People in their employment have a reasonable expectation to not be exploited, or forced to be put into a position where they only way they can get a pay raise is to quit. Your attitude stems from a neoliberal/libertarian pro-corporation exploitation policy point ov view which, in a civilized society, does not belong.
Inflation has one ultimate cause, federal reserve monetary policy (quantitative easing, and it's siblings, mostly) where the money supply increases at a rate faster than GDP can absorb the increase resulting in a scenario where too many dollars are chasing too few goods and services. Without that underlying cause, all that remains are temporal ups and downs caused by supply/demand and supply chain logistics, which aren't enough, normally, to result in a long term rising trend. The rising trend is what inflation is, and that is a monetary phenomenon. True, physical issues can last a long time, but it doesn't change the principle.
That was my recollection, subject to confirmation.
Unions, make mistakes, of course, but it doesn't change the principle of unionism being a worthy thing.
A company can relocate, of course, but I favor legislation to disallow shipping jobs overseas, unless the foreign operation is selling to markets in the foreign location.

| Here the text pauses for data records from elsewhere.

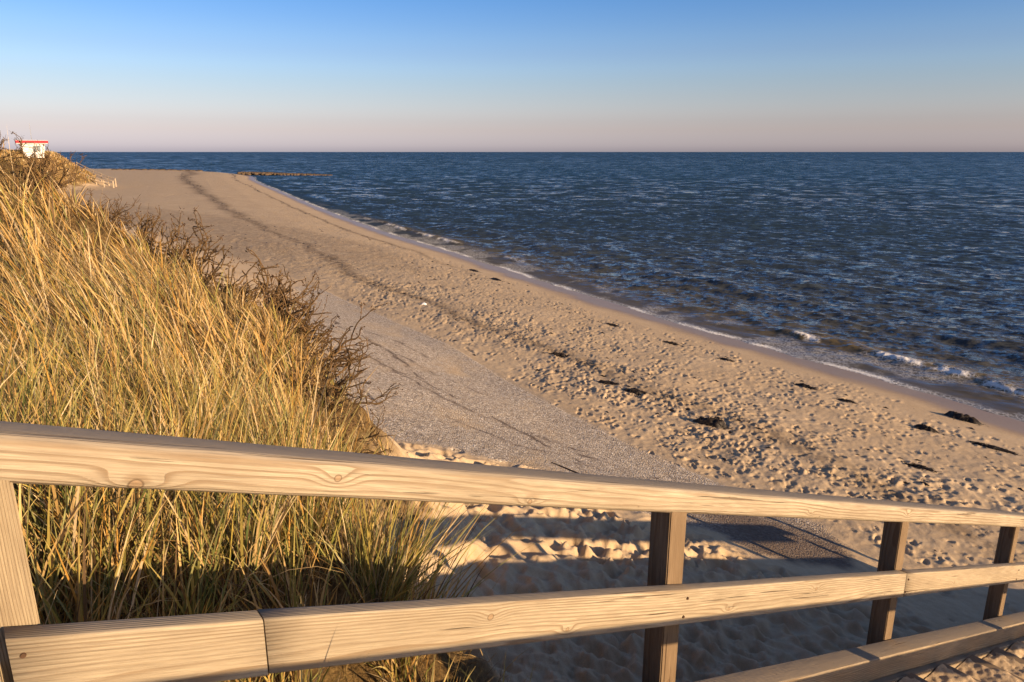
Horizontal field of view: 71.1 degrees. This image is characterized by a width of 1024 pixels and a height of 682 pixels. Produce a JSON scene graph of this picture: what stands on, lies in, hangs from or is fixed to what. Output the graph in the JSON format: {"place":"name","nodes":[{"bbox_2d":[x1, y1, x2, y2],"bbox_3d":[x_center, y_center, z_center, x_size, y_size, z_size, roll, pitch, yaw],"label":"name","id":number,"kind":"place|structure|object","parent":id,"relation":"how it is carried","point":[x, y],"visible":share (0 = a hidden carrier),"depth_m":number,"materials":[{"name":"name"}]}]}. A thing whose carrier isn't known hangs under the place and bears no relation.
{"place":"outdoors","nodes":[
{"label":"outdoors","id":0,"kind":"place"},
{"bbox_2d":[0,152,1023,681],"bbox_3d":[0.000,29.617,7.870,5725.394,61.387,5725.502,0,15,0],"label":"sand ground","id":1,"kind":"structure","parent":0,"point":[496,400],"depth_m":14.84,"materials":[{"name":"beige sand"}]},
{"bbox_2d":[0,132,35,163],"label":"dry shrub","id":2,"kind":"object","parent":1,"relation":"on","point":[2,142],"visible":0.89,"depth_m":9.29,"materials":[{"name":"brown plant"}]},
{"bbox_2d":[15,125,47,157],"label":"lifeguard hut","id":3,"kind":"object","parent":1,"relation":"on","point":[39,143],"visible":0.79,"depth_m":108.13,"materials":[{"name":"white paint"}]},
{"bbox_2d":[32,145,41,151],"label":"window","id":4,"kind":"structure","parent":3,"relation":"in","point":[39,148],"depth_m":108.50,"materials":[{"name":"white paint"}]},
{"bbox_2d":[10,131,73,188],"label":"dry shrub","id":5,"kind":"object","parent":1,"relation":"on","point":[41,166],"visible":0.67,"depth_m":9.01,"materials":[{"name":"brown plant"}]},
{"bbox_2d":[7,152,86,200],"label":"dry shrub","id":6,"kind":"object","parent":1,"relation":"on","point":[47,178],"visible":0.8,"depth_m":8.75,"materials":[{"name":"brown plant"}]},
{"bbox_2d":[0,149,95,184],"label":"dune grass","id":7,"kind":"structure","parent":1,"relation":"on","point":[53,154],"depth_m":113.30,"materials":[{"name":"beige plant"}]},
{"bbox_2d":[79,188,113,212],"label":"dry shrub","id":8,"kind":"object","parent":1,"relation":"on","point":[90,194],"visible":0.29,"depth_m":9.11,"materials":[{"name":"brown plant"}]},
{"bbox_2d":[76,162,116,186],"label":"wooden fence","id":9,"kind":"object","parent":1,"relation":"on","point":[93,171],"visible":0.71,"depth_m":117.57,"materials":[{"name":"brown wood"}]},
{"bbox_2d":[81,172,113,187],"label":"wooden fence","id":10,"kind":"object","parent":1,"relation":"on","point":[101,179],"visible":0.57,"depth_m":114.02,"materials":[{"name":"brown wood"}]},
{"bbox_2d":[81,193,149,235],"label":"dry shrub","id":11,"kind":"object","parent":1,"relation":"on","point":[115,214],"visible":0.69,"depth_m":8.87,"materials":[{"name":"brown plant"}]},
{"bbox_2d":[111,169,202,170],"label":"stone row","id":12,"kind":"object","parent":1,"relation":"on","point":[156,169],"visible":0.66,"depth_m":227.23,"materials":[{"name":"stone"}]},
{"bbox_2d":[132,203,210,262],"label":"dry shrub","id":13,"kind":"object","parent":1,"relation":"on","point":[145,226],"visible":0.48,"depth_m":9.12,"materials":[{"name":"brown plant"}]},
{"bbox_2d":[136,214,209,277],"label":"dry shrub","id":14,"kind":"object","parent":1,"relation":"on","point":[151,244],"visible":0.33,"depth_m":8.72,"materials":[{"name":"brown plant"}]},
{"bbox_2d":[164,206,260,296],"bbox_3d":[-3.698,-0.972,8.585,1.087,1.218,1.199,8,17,27],"label":"dry shrub","id":15,"kind":"object","parent":1,"relation":"on","point":[204,257],"visible":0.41,"depth_m":8.66,"materials":[{"name":"brown plant"}]},
{"bbox_2d":[183,241,269,304],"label":"dry shrub","id":16,"kind":"object","parent":1,"relation":"on","point":[225,277],"visible":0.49,"depth_m":7.90,"materials":[{"name":"brown plant"}]},
{"bbox_2d":[0,131,555,681],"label":"dune grass","id":17,"kind":"structure","parent":1,"relation":"on","point":[136,321],"depth_m":3.29,"materials":[{"name":"yellow plant"}]},
{"bbox_2d":[233,269,331,334],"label":"dry shrub","id":18,"kind":"object","parent":1,"relation":"on","point":[302,314],"visible":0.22,"depth_m":8.11,"materials":[{"name":"brown plant"}]},
{"bbox_2d":[238,265,327,327],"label":"dry shrub","id":19,"kind":"object","parent":1,"relation":"on","point":[276,286],"visible":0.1,"depth_m":8.81,"materials":[{"name":"brown plant"}]},
{"bbox_2d":[237,171,329,175],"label":"stone groyne","id":20,"kind":"object","parent":1,"relation":"on","point":[259,173],"visible":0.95,"depth_m":220.45,"materials":[{"name":"stone"}]},
{"bbox_2d":[242,247,343,351],"bbox_3d":[-2.157,-0.379,6.998,0.972,1.090,1.073,-7,16,-24],"label":"dry shrub","id":21,"kind":"object","parent":1,"relation":"on","point":[281,309],"visible":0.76,"depth_m":6.92,"materials":[{"name":"brown plant"}]},
{"bbox_2d":[254,297,386,374],"bbox_3d":[-2.138,0.014,7.946,1.597,1.136,0.587,1,15,4],"label":"dry shrub","id":22,"kind":"object","parent":1,"relation":"on","point":[343,343],"visible":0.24,"depth_m":7.80,"materials":[{"name":"brown plant"}]},
{"bbox_2d":[284,314,378,400],"bbox_3d":[-1.709,0.119,6.482,0.910,0.788,0.710,-5,16,-20],"label":"dry shrub","id":23,"kind":"object","parent":1,"relation":"on","point":[340,360],"visible":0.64,"depth_m":6.49,"materials":[{"name":"brown plant"}]},
{"bbox_2d":[272,332,402,428],"bbox_3d":[-1.543,0.377,5.816,0.947,0.777,1.069,8,17,27],"label":"dry shrub","id":24,"kind":"object","parent":1,"relation":"on","point":[340,383],"visible":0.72,"depth_m":5.88,"materials":[{"name":"brown plant"}]},
{"bbox_2d":[316,395,394,455],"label":"dry shrub","id":25,"kind":"object","parent":1,"relation":"on","point":[358,439],"visible":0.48,"depth_m":5.31,"materials":[{"name":"brown plant"}]},
{"bbox_2d":[301,641,416,681],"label":"grass tuft","id":26,"kind":"object","parent":1,"relation":"on","point":[302,677],"visible":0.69,"depth_m":1.60,"materials":[{"name":"plant"}]},
{"bbox_2d":[257,444,493,602],"bbox_3d":[-0.492,0.711,2.643,0.931,0.577,0.910,0,15,0],"label":"grass tuft","id":27,"kind":"object","parent":1,"relation":"on","point":[410,562],"visible":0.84,"depth_m":2.62,"materials":[{"name":"green plant"}]},
{"bbox_2d":[358,505,544,599],"bbox_3d":[-0.212,0.906,2.697,0.748,0.539,0.798,0,15,0],"label":"grass tuft","id":28,"kind":"object","parent":1,"relation":"on","point":[442,589],"visible":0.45,"depth_m":2.82,"materials":[{"name":"plant"}]},
{"bbox_2d":[410,521,542,653],"bbox_3d":[-0.169,0.996,2.902,0.702,0.547,0.662,-6,16,-22],"label":"grass tuft","id":29,"kind":"object","parent":1,"relation":"on","point":[471,578],"visible":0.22,"depth_m":2.96,"materials":[{"name":"plant"}]},
{"bbox_2d":[0,421,1023,681],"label":"wooden railing","id":30,"kind":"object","parent":1,"relation":"on","point":[218,647],"depth_m":1.81,"materials":[{"name":"brown wood"}]},
{"bbox_2d":[899,641,1023,681],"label":"drifted sand","id":31,"kind":"structure","parent":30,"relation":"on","point":[969,668],"depth_m":4.13,"materials":[{"name":"beige sand"}]},
{"bbox_2d":[550,352,568,357],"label":"seaweed heap","id":32,"kind":"object","parent":1,"relation":"on","point":[560,355],"visible":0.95,"depth_m":21.76,"materials":[{"name":"black plant"}]},
{"bbox_2d":[551,462,577,472],"bbox_3d":[0.921,2.015,11.170,0.801,0.052,0.024,13,20,40],"label":"driftwood stick","id":33,"kind":"object","parent":1,"relation":"on","point":[565,468],"visible":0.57,"depth_m":11.22,"materials":[{"name":"wood"}]},
{"bbox_2d":[123,173,1023,551],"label":"seaweed scraps","id":34,"kind":"object","parent":1,"relation":"on","point":[607,357],"visible":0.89,"depth_m":21.23,"materials":[{"name":"brown plant"}]},
{"bbox_2d":[597,379,619,385],"bbox_3d":[2.512,1.078,19.001,0.816,0.181,0.490,10,18,33],"label":"seaweed heap","id":35,"kind":"object","parent":1,"relation":"on","point":[604,382],"visible":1,"depth_m":18.96,"materials":[{"name":"black plant"}]},
{"bbox_2d":[601,322,619,326],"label":"seaweed heap","id":36,"kind":"object","parent":1,"relation":"on","point":[612,324],"visible":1,"depth_m":27.69,"materials":[{"name":"black plant"}]},
{"bbox_2d":[622,387,652,394],"bbox_3d":[3.151,1.276,18.363,0.928,0.162,0.477,12,19,39],"label":"seaweed heap","id":37,"kind":"object","parent":1,"relation":"on","point":[636,391],"visible":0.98,"depth_m":18.26,"materials":[{"name":"black plant"}]},
{"bbox_2d":[664,341,683,346],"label":"seaweed heap","id":38,"kind":"object","parent":1,"relation":"on","point":[671,342],"visible":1,"depth_m":25.16,"materials":[{"name":"black plant"}]},
{"bbox_2d":[693,416,736,431],"bbox_3d":[4.568,1.825,16.196,1.030,0.269,0.464,6,16,21],"label":"seaweed heap","id":39,"kind":"object","parent":1,"relation":"on","point":[715,422],"visible":1,"depth_m":16.11,"materials":[{"name":"black plant"}]},
{"bbox_2d":[793,383,819,390],"bbox_3d":[8.358,1.272,20.357,0.867,0.189,0.474,6,16,20],"label":"seaweed heap","id":40,"kind":"object","parent":1,"relation":"on","point":[805,385],"visible":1,"depth_m":20.32,"materials":[{"name":"black plant"}]},
{"bbox_2d":[834,397,858,404],"bbox_3d":[8.973,1.602,19.090,0.425,0.132,0.759,-8,17,-27],"label":"seaweed heap","id":41,"kind":"object","parent":1,"relation":"on","point":[844,400],"visible":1,"depth_m":19.09,"materials":[{"name":"black plant"}]},
{"bbox_2d":[900,460,937,472],"bbox_3d":[8.268,2.543,14.534,0.772,0.106,0.384,12,19,37],"label":"seaweed heap","id":42,"kind":"object","parent":1,"relation":"on","point":[918,466],"visible":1,"depth_m":14.47,"materials":[{"name":"black plant"}]},
{"bbox_2d":[909,424,944,435],"bbox_3d":[10.023,2.115,17.257,0.845,0.174,0.449,13,20,41],"label":"seaweed heap","id":43,"kind":"object","parent":1,"relation":"on","point":[924,427],"visible":1,"depth_m":17.25,"materials":[{"name":"black plant"}]},
{"bbox_2d":[942,411,985,425],"bbox_3d":[11.768,1.990,18.597,1.106,0.255,0.600,14,20,43],"label":"seaweed heap","id":44,"kind":"object","parent":1,"relation":"on","point":[961,416],"visible":1,"depth_m":18.56,"materials":[{"name":"black plant"}]},
{"bbox_2d":[951,436,1022,455],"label":"seaweed heap","id":45,"kind":"object","parent":1,"relation":"on","point":[994,447],"visible":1,"depth_m":16.29,"materials":[{"name":"black plant"}]},
{"bbox_2d":[0,0,1023,151],"label":"sky","id":46,"kind":"structure","parent":0,"point":[84,75],"materials":[{"name":"blue"}]},
{"bbox_2d":[56,152,1023,421],"bbox_3d":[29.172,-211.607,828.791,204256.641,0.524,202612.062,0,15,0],"label":"sea water","id":47,"kind":"structure","parent":0,"point":[902,268],"depth_m":63.39,"materials":[{"name":"blue liquid"}]}
]}

If it becomes critical for a company to survive (due to foreign competition), I favor legislation for the creation of a process of some kind to apply for the gov to create a tariff to protect a specific industry (but only on retail manufactured products, tariffs on raw materials hurt everyone).

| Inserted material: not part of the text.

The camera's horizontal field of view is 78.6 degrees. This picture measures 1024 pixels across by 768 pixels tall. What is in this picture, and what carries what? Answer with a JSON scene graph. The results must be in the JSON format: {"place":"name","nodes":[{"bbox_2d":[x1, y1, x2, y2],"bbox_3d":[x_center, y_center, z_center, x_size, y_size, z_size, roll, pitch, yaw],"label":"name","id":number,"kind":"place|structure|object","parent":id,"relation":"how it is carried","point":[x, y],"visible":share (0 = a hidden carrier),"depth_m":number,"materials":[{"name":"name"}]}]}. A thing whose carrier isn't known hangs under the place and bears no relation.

Well, I haven't had a union job in 50 years, so, my experience and knowledge is subject to confirmation. I think more corporations are exploiting workers more than you might believe. Just an inclination. Not long ago, Walmart had a food drive for it's employees, because the employees (Canton, Ohio, I believe it was) couldn't afford food. Now, if employees aren't being paid enough and they apply for food stamps, the taxpayer funds paid to those food stamps are, in essence, welfare for the corporation, who should have been paying them enough to eat in the first place.